The digitization of images and information from herbarium specimens is broadening their use and providing an important resource for phenotypic and phenological studies. As of spring 2020, one key repository, iDigBio, has over 19 million digitized specimens. High quality annotated images can be used to train machine learning algorithms to automate certain digital image-based tasks, saving time down the road. However, the initial annotation requires a high investment of person-hours, and is often done by volunteers. For this reason, it is important to find the easiest and most efficient ways of allowing the volunteers to complete their tasks.
In a new article published in Applications in Plant Sciences’ Machine Learning in Plant Biology special issue, lead author Laura Brenskelle and colleagues used a high quality, pre-annotated data set containing 3000 species each of either Prunus or Acer specimens to test volunteers’ annotation accuracy of phenological traits under two different conditions.
In the first, scorers appeared in-person and were given a 15 minute training session as well as a handbook with illustrations and examples. In the second, scorers used the online platform Notes from Nature and were given the instructional handbook with no additional training. In the second setting, a specimen required three annotations and was allotted to the annotation agreed upon by two scorers. The authors then investigated the influence of such factors as the traits and taxa being scored, as well as the botanical expertise, academic career level, and speed of the individual scorers.

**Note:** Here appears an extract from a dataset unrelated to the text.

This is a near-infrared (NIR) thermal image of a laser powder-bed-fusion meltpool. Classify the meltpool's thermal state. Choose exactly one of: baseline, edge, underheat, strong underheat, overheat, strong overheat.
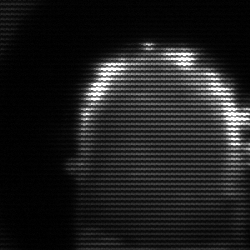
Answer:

Surprisingly, the results showed that botanical expertise, career level, and speed were not important factors in the scorers’ accuracy. Instead, accuracy was governed by the traits and taxa being scored, whether the person scored in-person or online, and the individual themselves… some people were just more accurate regardless of other factors. Overall, those appearing in person were significantly more accurate, though both groups did reasonably well. “We think there are two main factors that may have contributed to the slight lag in online annotation accuracy – training and image quality,” explains Brenskelle, who emphasizes comprehensive training booklets and the ability to zoom in on the details of an image. She also notes that triplicate scoring improved online accuracy by three percent. “This is another way to improve online annotation accuracy, though it does require three times the amount of completed annotations.”

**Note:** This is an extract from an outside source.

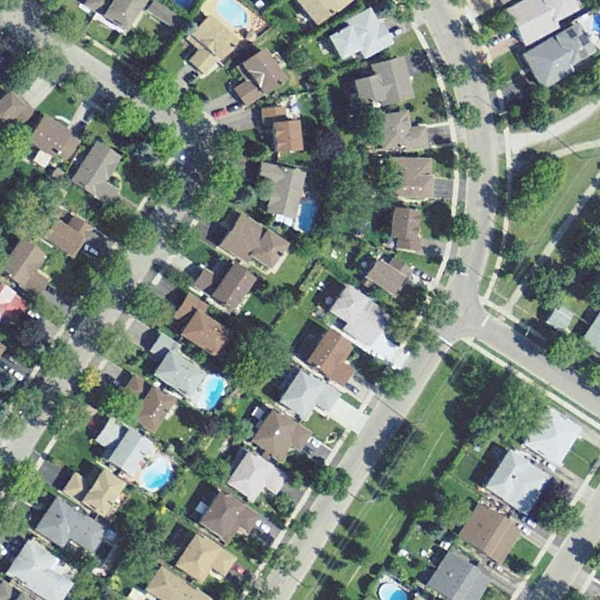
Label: DenseResidential

Though the traits being scored in this study were straightforward, Brenskelle is confident that volunteers can be effectively trained for more complex annotation tasks. “[T]he traits in this study were relatively simple presence/absence annotations. There are countless more complex annotation tasks I can imagine researchers would be interested in, especially for plant phenology. I do think, with proper volunteer training, our general approach would work for more complex traits,” she says. “I think the biggest challenge you would run into with more complex traits would be having images that show an appropriate level of detail for the things you’re asking volunteers to score. Aside from that challenge, I think if you developed training handbooks with visual examples, that would enable volunteers to score more complex traits.”